Demand for Precision Medicine: A Discrete-Choice Experiment and External Validation Study
A limited evidence base and lack of clear clinical guidelines challenge healthcare systems’ adoption of precision medicine. The effect of these conditions on demand is not understood.
This research estimated the public’s preferences and demand for precision medicine outcomes.
A discrete-choice experiment survey was conducted with an online sample of the US public who had recent healthcare experience. Statistical analysis was undertaken using an error components mixed logit model.
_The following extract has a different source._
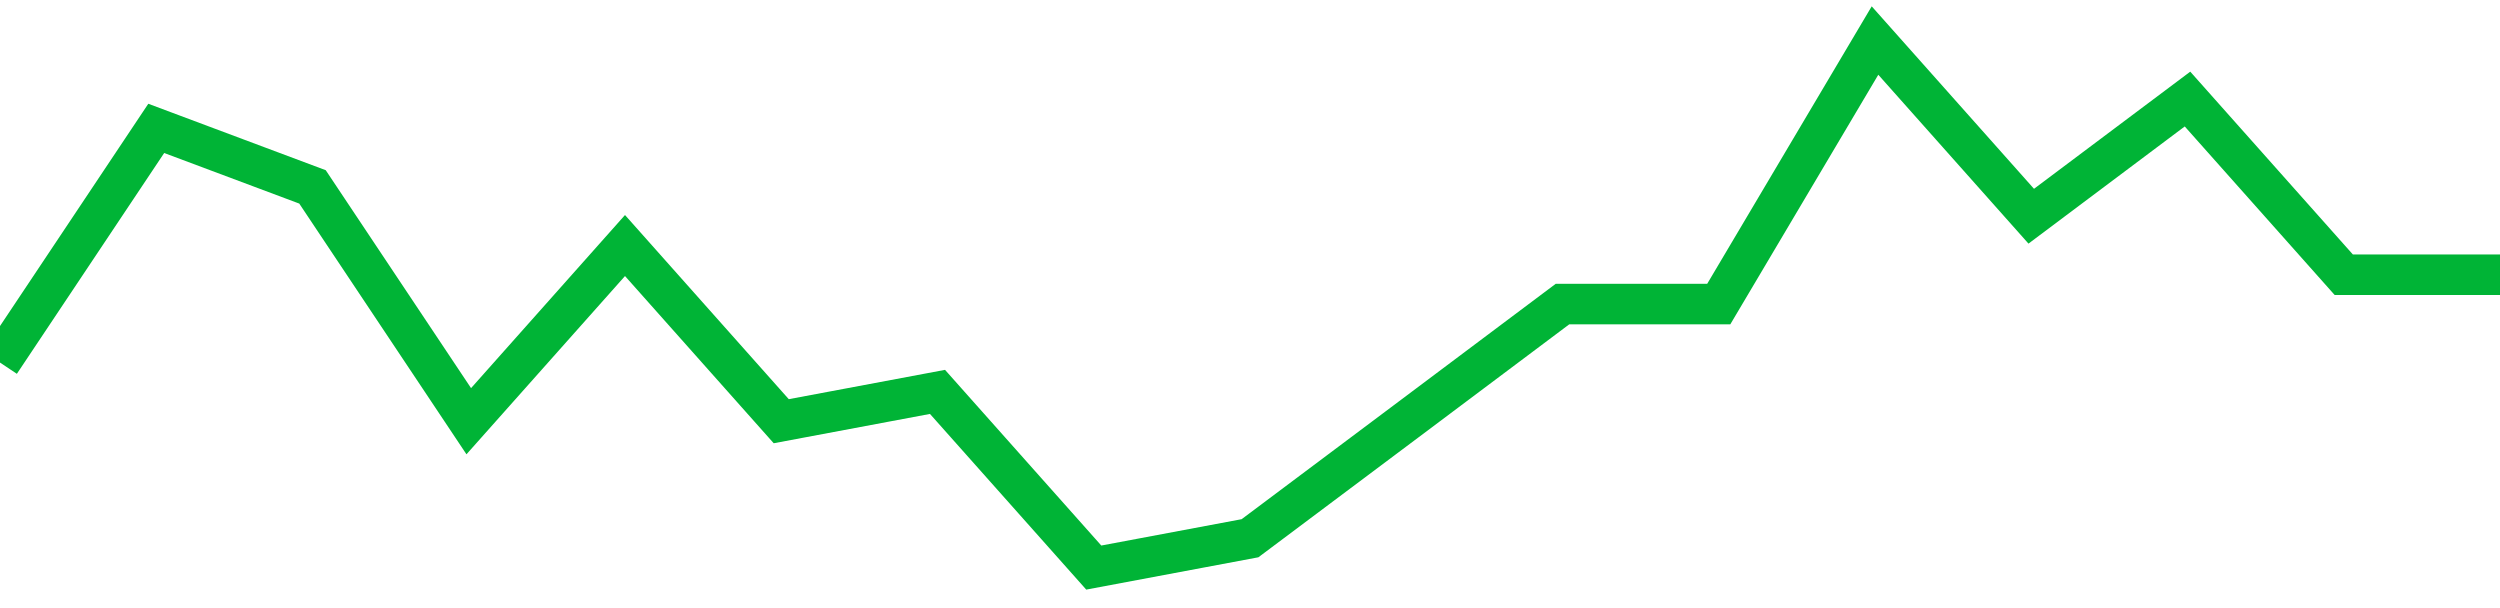 <!-- Generated with https://github.com/jxxe/sparkline/ --><svg viewBox="0 0 185 45" class="sparkline" xmlns="http://www.w3.org/2000/svg"><path class="sparkline--fill" d="M 0 26.83 L 0 26.83 L 11.562 9.5 L 23.125 13.83 L 34.688 31.17 L 46.25 18.17 L 57.812 31.17 L 69.375 29 L 80.938 42 L 92.5 39.83 L 104.062 31.17 L 115.625 22.5 L 127.188 22.5 L 138.75 3 L 150.312 16 L 161.875 7.33 L 173.438 20.33 L 185 20.33 V 45 L 0 45 Z" stroke="none" fill="none" ></path><path class="sparkline--line" d="M 0 26.83 L 0 26.83 L 11.562 9.5 L 23.125 13.83 L 34.688 31.17 L 46.25 18.17 L 57.812 31.17 L 69.375 29 L 80.938 42 L 92.5 39.83 L 104.062 31.17 L 115.625 22.5 L 127.188 22.5 L 138.75 3 L 150.312 16 L 161.875 7.33 L 173.438 20.33 L 185 20.33" fill="none" stroke-width="3" stroke="#00B436" ></path></svg>

The responsiveness of demand in the context of a changing evidence base was estimated through the price elasticity of demand. External validation was examined using real-world demand for the 21-gene recurrence score assay for breast cancer.
In total, 1124 (of 1849) individuals completed the web-based survey. The most important outcomes were survival gains with statistical uncertainty, cost of testing, and medical expert agreement on changing care based on test results. The value ($US, year 2017 values) for a test where most (vs. few) experts agreed to changing treatment based on test results was $US1100 (95% confidence interval [CI] 916–1286). Respondents were willing to pay $US265 (95% CI 46–486) for a test that could result in greater certainty around life-expectancy gains. The predicted demand of the assay was 9% in 2005 and 66% in 2014, compared with real-world uptake of 7% and 71% (root-mean-square prediction error 0.11). Demand was sensitive to price (1% increase in price resulted in > 1% change in demand) when first introduced and insensitive to price (1% increase in price resulted in < 0.1% change in demand) as the evidence base became established.
Evidence of external validity was found. Demand was weak and responsive to price in the near term because of uncertainty and an immature evidence base. Clear communication of precision medicine outcomes and uncertainty is crucial in allowing healthcare to align with individual preferences.
The authors thank Dr. Jagori Saha for assistance in conducting the discrete-choice experiment.
All authors participated in the concept and design of the study, data acquisition and interpretation, and contributed to drafting, revising, and final approval of the manuscript. Regier and Carlson conducted the analysis and take responsibility for the integrity of the data and data analysis.
Compliance with Ethical Standards
This work was supported by the National Institutes of Health (NIH) Common Fund project 1U01AG047109. The funding agreement ensures the independence of the authors in all aspects of study design and data interpretation and in writing and publishing the article.
Conflict of interest
Dr. Regier has received travel support from Illumina to attend conferences in Boston, USA, and Barcelona, Spain. Dr. Veenstra has provided paid consultancy to Roche Sequencing Systems. Drs. Carlson and Basu have no conflicts of interest that are directly relevant to the content of this article.
The University of Washington Institutional Review Board granted research ethics to conduct this project.
Informed consent was obtained from all individual participants included in the study.